第三百二十五話 vsメッシ―
教会の中。僅か数メートルを挟んでの睨み合い。
先に仕掛けてきたのは、メッシ―だった。
「〈紙魔法〉、クラフト・シュル・バース!!」
詠唱と同時、奴の上着から大量の折り紙が床にぶちまけられた。
”鳥”や”虎”、”魚”に”犬”に”熊”。丁寧に折り目に沿って折られた色とりどりの動物たち。奴の足首が覆い隠されてしまう程の量。そしてその一つ一つ、折り目が綺麗に揃っている。恐らく全て手作業で、丁寧に心を込めて折ったことが想像できる。奴の言う通り、確かに全て見事な作品だ。
だが、そんな感想を抱いている場合じゃねえ。あの折り紙……間違いなく、さっき戦ったものと同じだ。アレは動き出す。本物の動物と同じように。凄まじい速度と、凶暴性を持って。
「カイン、あいつ何を……!?」
「折り紙に命を吹き込んだ……ってとこか? それがこいつの魔法だろう。現に、ほら……」
ぎこちない動きで、命を自覚し始める動物たち。パラパラと少しずつ歩き出し、キョロキョロと周囲を見回している。
”鳥"は飛べることをまだ知らない。羽を不思議そうに動かしている。
"虎"は自らの牙が獲物を屠るものだと理解していない。首を傾げて、前足を交互に持ち上げ見回している。
"魚"は突然陸にいる事に驚いているようだった。ピチピチと、抵抗するように跳ねている。
「命が発生する瞬間は試練である。卵子と結合できなかった精子は全てその存在意義を失う。胎児は母体の健康状態で、常にその命の可能性が揺るがされている。それらの試練を潜り抜け、奇跡のような確率で生まれたとしても、そこからは環境という試練が待っている」
「き、急に何言ってるべ……?」
「んむ。某が生み出した動物共も、同じということである。形作ったのは某。命を有するきっかけとなったのは貴公ら。貴公らという試練のために、この命は意味を持つのである」
メッシ―が両手を前に合わせる。
その瞬間、動物共は一斉にメッシ―の方を振り向いた。
「んむ、良い子だ。某……いや、あの方の大いなる目的のため、この者達を始末しろ」
動物共には、その一言だけで十分だったらしい。
それだけで、折り紙は"折り紙"になる。動物が"動物"に変わる。
吹き込まれた命は本能を持つ。主からの命令を実行するため、あるいは己の存在意義を証明するために、"動物"として与えられた能力を最大限に生かす。

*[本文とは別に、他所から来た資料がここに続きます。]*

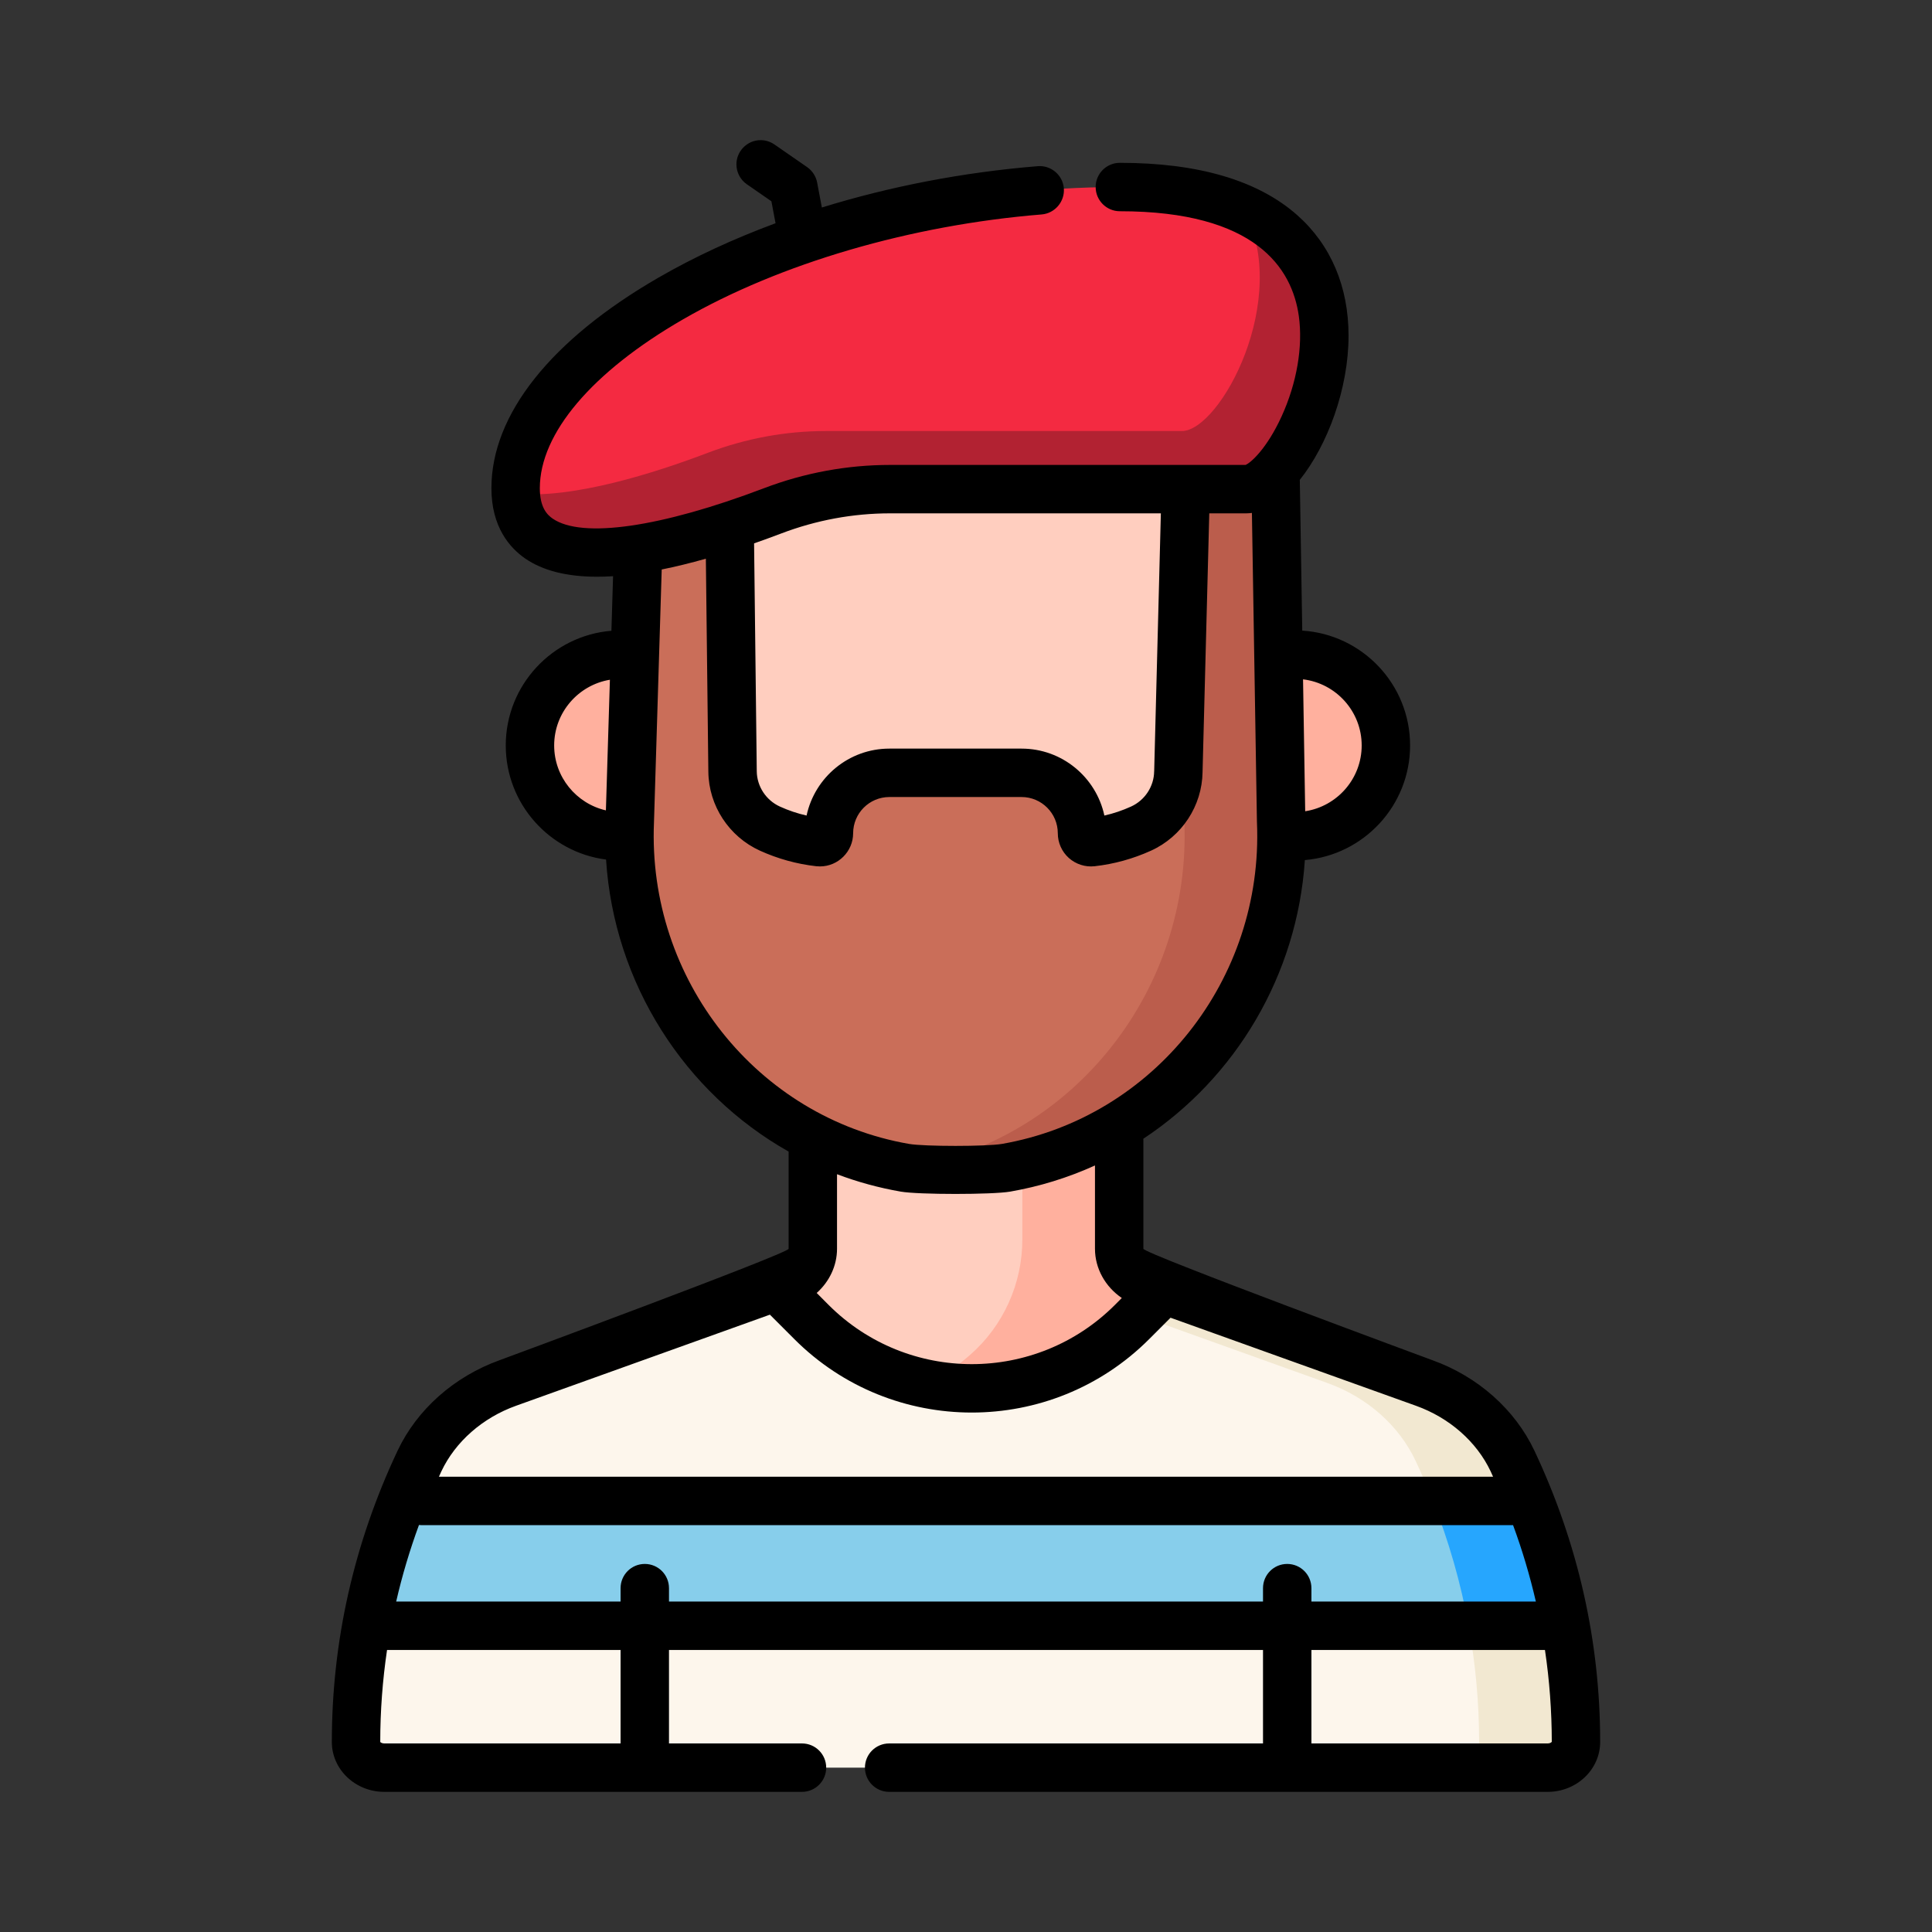 <svg id="vector" xmlns="http://www.w3.org/2000/svg" width="512" height="512" viewBox="0 0 512 512"><rect x="0" y="0" width="512" height="512" fill="#333333" stroke="none"/><path fill="#FDF6EC" d="M400.84,387.2C396.38,377.73 387.94,370.28 377.41,366.5L303.31,339.92C299.26,338.46 296.6,334.9 296.6,330.94L296.6,286.15L215.41,286.15L215.41,330.94C215.41,334.9 212.74,338.46 208.69,339.92L134.59,366.5C124.06,370.28 115.62,377.73 111.16,387.2C109.53,390.67 108.01,394.19 106.61,397.76L405.39,397.76C403.99,394.19 402.47,390.67 400.84,387.2ZM94.36,461.64C94.36,465.4 97.7,468.44 101.83,468.44L410.17,468.44C414.3,468.44 417.64,465.4 417.64,461.64C417.64,451.3 416.69,441 414.85,430.84L97.15,430.84C95.3,441 94.36,451.31 94.36,461.64Z" fill-rule="nonzero" id="path_0"/><path fill="#87CEEB" d="M106.61,397.76C102.38,408.45 99.21,419.53 97.15,430.84L414.85,430.84C412.79,419.53 409.62,408.45 405.39,397.76L106.61,397.76Z" fill-rule="nonzero" id="path_1"/><path fill="#FFCEBF" d="M308.55,341.8L303.31,339.92C299.26,338.46 296.6,334.9 296.6,330.94L296.6,286.15L215.41,286.15L215.41,330.94C215.41,334.9 212.74,338.46 208.69,339.92L205.7,340.99L215.07,350.36C238.52,373.81 276.54,373.81 299.99,350.36L308.55,341.8Z" fill-rule="nonzero" id="path_2"/><path fill="#F2E8D1" d="M400.84,387.2C396.38,377.73 387.94,370.28 377.41,366.5L303.31,339.92C300.34,338.85 298.12,336.65 297.14,333.99L287.09,333.99L287.09,343.31L351.75,366.5C362.28,370.28 370.72,377.73 375.18,387.2C376.81,390.67 378.33,394.19 379.73,397.76L405.39,397.76C403.99,394.19 402.47,390.67 400.84,387.2ZM414.85,430.84L389.19,430.84C391.04,441 391.98,451.31 391.98,461.64C391.98,465.4 388.64,468.44 384.51,468.44L410.17,468.44C414.3,468.44 417.64,465.4 417.64,461.64C417.64,451.31 416.7,441 414.85,430.84Z" fill-rule="nonzero" id="path_3"/><path fill="#26A6FE" d="M405.39,397.76L379.73,397.76C383.96,408.45 387.13,419.53 389.19,430.84L414.85,430.84C412.79,419.53 409.62,408.45 405.39,397.76Z" fill-rule="nonzero" id="path_4"/><path fill="#FFB09E" d="M303.31,339.92C299.26,338.46 296.6,334.9 296.6,330.94L296.6,286.15L270.93,286.15L270.93,328.47C270.93,340.16 265.92,351.31 257.13,359.02C253.01,362.63 248.57,365.71 244.7,366.55C264,370.76 308.55,341.8 308.55,341.8L303.31,339.92Z" fill-rule="nonzero" id="path_5"/><path fill="#FFB09E" d="M343.19,197.55m-24.08,0a24.08,24.08 0,1 1,48.17 0a24.08,24.08 0,1 1,-48.17 0" id="path_6"/><path fill="#FFB09E" d="M164.53,197.55m-24.08,0a24.08,24.08 0,1 1,48.17 0a24.08,24.08 0,1 1,-48.17 0" id="path_7"/><path fill="#FFCEBF" d="M309.42,99C298.67,92.82 282.44,89.57 270.1,87.9C260.41,86.59 250.58,86.59 240.88,87.9C228.55,89.57 212.31,92.83 201.56,99C197.59,101.28 194.49,104.83 192.76,109.07C182.42,134.37 142.47,245.78 219,294.28C241.21,308.36 269.77,308.36 291.99,294.28C368.52,245.78 328.57,134.37 318.22,109.07C316.49,104.83 313.39,101.28 309.42,99Z" fill-rule="nonzero" id="path_8"/><path fill="#CA6E59" d="M339.52,217.76L337.88,119.94L314.57,116.4L312.28,204.48C312.2,211.02 308.33,216.89 302.39,219.59C298.27,221.46 293.88,222.67 289.38,223.18C289.29,223.19 289.21,223.2 289.12,223.2C287.82,223.2 286.75,222.13 286.75,220.83C286.75,211.98 279.58,204.81 270.73,204.81L235.69,204.81C226.84,204.81 219.67,211.98 219.67,220.83C219.67,222.13 218.6,223.2 217.3,223.2C217.21,223.2 217.12,223.19 217.04,223.18C212.54,222.67 208.15,221.46 204.03,219.59C198.09,216.89 194.22,211.02 194.14,204.48L193.25,129.34L169.47,133.72L166.9,217.76C165.03,262.2 195.98,301.86 239.81,309.47C244.23,310.24 248.71,310.66 253.21,310.75C257.7,310.66 262.18,310.24 266.61,309.47C310.44,301.86 341.39,262.2 339.52,217.76Z" fill-rule="nonzero" id="path_9"/><path fill="#BB5D4C" d="M339.52,217.76L337.88,119.94L314.57,116.4L313.1,172.78L313.86,217.76C315.73,262.2 284.78,301.86 240.95,309.47C240.76,309.5 240.57,309.52 240.38,309.56C244.62,310.27 248.91,310.67 253.21,310.75C257.7,310.66 262.18,310.24 266.61,309.47C310.44,301.86 341.39,262.2 339.52,217.76Z" fill-rule="nonzero" id="path_10"/><path fill="#F42A41" d="M204.74,135.38C214.7,131.59 225.26,129.63 235.92,129.63L330.32,129.63C345.6,129.63 381.26,49.56 296.78,49.56C212.29,49.56 136.65,91.16 136.65,129.37C136.65,157.58 181.34,144.28 204.74,135.38Z" fill-rule="nonzero" id="path_11"/><path fill="#B22232" d="M329.61,55.48C342.33,79.2 323.32,114.23 313.21,114.23L218.81,114.23C208.15,114.23 197.6,116.2 187.63,119.98C173.57,125.33 151.82,132.27 136.69,130.82C138.23,157.1 181.76,144.12 204.74,135.38C214.7,131.59 225.26,129.63 235.92,129.63L330.32,129.63C343.06,129.63 369.94,74 329.61,55.48Z" fill-rule="nonzero" id="path_12"/><path fill="#000000FF" d="M406.64,384.46C401.49,373.53 391.63,364.78 379.58,360.46C379.58,360.46 303.01,332.17 303.01,330.94L303.01,302.2C303.01,302.06 303,301.92 302.99,301.78C327.45,285.65 343.79,258.43 345.8,227.93C361.4,226.6 373.69,213.49 373.69,197.55C373.69,181.38 361.04,168.11 345.11,167.12L344.46,127.17C351.8,117.99 357.38,103.04 357.38,88.96C357.38,75.94 352.68,64.9 343.8,57.03C333.4,47.82 317.58,43.15 296.77,43.15C293.23,43.15 290.36,46.02 290.36,49.56C290.36,53.1 293.23,55.98 296.77,55.98C332.75,55.98 342.42,71.08 344.2,83.75C345.33,91.83 343.67,101.52 339.64,110.34C335.68,119.01 331.37,122.72 330.08,123.21L235.92,123.21C224.5,123.21 213.24,125.29 202.46,129.38C175.14,139.77 154.21,142.78 146.47,137.44C145.01,136.44 143.06,134.5 143.06,129.37C143.06,114.86 156.88,98.56 180.98,84.65C206.71,69.79 241.37,59.65 276.05,56.83C279.56,56.54 282.21,53.42 281.93,49.91C281.64,46.38 278.53,43.75 275.01,44.04C255.21,45.65 235.82,49.42 217.8,54.99L216.55,48.37C216.23,46.71 215.28,45.25 213.9,44.29L205.22,38.28C204.15,37.54 202.88,37.14 201.57,37.14C198.05,37.14 195.16,40.04 195.16,43.56C195.16,45.66 196.19,47.63 197.92,48.83L204.43,53.34L205.53,59.16C194.46,63.26 184.04,68.07 174.56,73.54C145.97,90.04 130.23,109.87 130.23,129.37C130.23,139.67 135.1,145.19 139.18,148.01C143.86,151.23 150.23,152.84 158.25,152.84C159.61,152.84 161.02,152.79 162.47,152.7L162.03,167.16C146.38,168.44 134.03,181.58 134.03,197.55C134.03,213.04 145.64,225.86 160.61,227.79C162.72,260.6 181.42,289.63 208.99,305.18L208.99,330.94C208.99,332.17 132.42,360.46 132.42,360.46C120.37,364.79 110.51,373.53 105.36,384.46C93.8,408.98 87.94,434.95 87.94,461.64C87.94,468.93 94.17,474.86 101.83,474.86L212.54,474.86C216.08,474.86 218.95,471.99 218.95,468.44C218.95,464.9 216.08,462.03 212.54,462.03L177.29,462.03L177.29,437.26L334.71,437.26L334.71,462.03L235.64,462.03C232.09,462.03 229.22,464.9 229.22,468.44C229.22,471.99 232.09,474.86 235.64,474.86L410.17,474.86C417.83,474.86 424.06,468.93 424.06,461.64C424.06,434.95 418.2,408.98 406.64,384.46ZM360.86,197.55C360.86,206.38 354.35,213.69 345.89,214.99L345.32,180.03C354.06,181.08 360.86,188.53 360.86,197.55ZM207.02,141.38C216.34,137.84 226.06,136.04 235.92,136.04L307.64,136.04L305.87,204.32L305.86,204.41C305.82,208.41 303.41,212.08 299.73,213.75C297.46,214.78 295.1,215.58 292.67,216.13C290.5,206.01 281.49,198.39 270.73,198.39L235.69,198.39C224.93,198.39 215.92,206.01 213.75,216.13C211.32,215.58 208.95,214.78 206.69,213.75C203.01,212.08 200.6,208.41 200.55,204.41L199.84,144C202.25,143.16 204.64,142.28 207.02,141.38ZM146.86,197.55C146.86,188.8 153.27,181.53 161.63,180.14L160.57,214.76C152.73,212.95 146.86,205.93 146.86,197.55ZM173.31,217.95L175.36,150.92C179.04,150.18 182.94,149.23 187.06,148.06L187.72,204.56C187.83,213.52 193.19,221.71 201.38,225.43C206.11,227.58 211.15,228.98 216.32,229.56C216.64,229.59 216.97,229.61 217.3,229.61C222.12,229.61 226.08,225.65 226.09,220.83C226.09,215.53 230.39,211.22 235.69,211.22L270.73,211.22C276.02,211.22 280.33,215.53 280.33,220.83C280.33,223.33 281.4,225.72 283.26,227.38C285.13,229.04 287.62,229.84 290.1,229.56C295.26,228.98 300.31,227.58 305.04,225.43C313.21,221.72 318.57,213.55 318.69,204.61L320.47,136.04L330.32,136.04C330.8,136.04 331.28,136 331.77,135.93L333.1,217.86C333.1,217.92 333.11,217.97 333.11,218.03C334.86,259.56 305.8,296.15 265.51,303.15C261.45,303.85 244.97,303.85 240.91,303.15C200.62,296.15 171.56,259.56 173.31,217.95ZM238.71,315.79C243.46,316.61 262.96,316.61 267.71,315.79C275.46,314.44 283.01,312.12 290.18,308.86L290.18,330.94C290.18,336.16 292.92,341.01 297.29,343.98L295.45,345.83C274.54,366.74 240.51,366.74 219.6,345.83L216.43,342.65C219.78,339.67 221.82,335.44 221.82,330.94L221.82,311.18C227.29,313.25 232.95,314.79 238.71,315.79ZM136.76,372.54L204.03,348.4L210.53,354.9C223.49,367.86 240.51,374.34 257.53,374.34C274.54,374.34 291.56,367.86 304.52,354.9L310.21,349.21L375.24,372.54C384.11,375.72 391.32,382.06 395.04,389.93C395.26,390.4 395.46,390.88 395.68,391.35L116.32,391.35C116.54,390.88 116.74,390.4 116.96,389.93C120.68,382.06 127.89,375.72 136.76,372.54ZM164.46,462.03L101.83,462.03C101.17,462.03 100.81,461.7 100.77,461.64C100.77,453.43 101.38,445.3 102.57,437.26L164.46,437.26L164.46,462.03ZM177.29,424.43L177.29,420.88C177.29,417.33 174.42,414.46 170.88,414.46C167.33,414.46 164.46,417.33 164.46,420.88L164.46,424.43L104.99,424.43C106.56,417.58 108.58,410.81 111.03,404.14C111.25,404.16 111.47,404.18 111.69,404.18L400.98,404.18C403.42,410.79 405.43,417.56 407.02,424.43L347.54,424.43L347.54,420.88C347.54,417.33 344.67,414.46 341.12,414.46C337.58,414.46 334.71,417.33 334.71,420.88L334.71,424.43L177.29,424.43ZM410.17,462.03L347.54,462.03L347.54,437.26L409.43,437.26C410.63,445.31 411.23,453.44 411.24,461.59C411.19,461.7 410.83,462.03 410.17,462.03Z" fill-rule="nonzero" id="path_13"/></svg>

それを証明するかのように、何百何千もの殺意が一斉に俺達を見た。
「行け。某の芸術よ」
「ッ……!! 来るぞギルバート!!」
「分かってるべ!! 神父様、下がってるべ!!」
ギルバートに警戒を促し、息を呑む。
神父様にホメロスと子供を任せ、臨戦態勢へと移る。
その瞬間、全ての動物たちが俺達の視界を覆った。
「ブラスト!!」
「大地の型、〈金剛厭舞〉!!」
俺は魔法を何度も前方から迫る動物共の群れに撃ち込む。ブラスト一発ごとに十数匹の動物に命中し、紙屑へと変える。
ギルバートは型で肉体の強度を高めて防御。動物共の攻撃に耐えつつ、数匹ずつ捕まえてちぎり捨てている。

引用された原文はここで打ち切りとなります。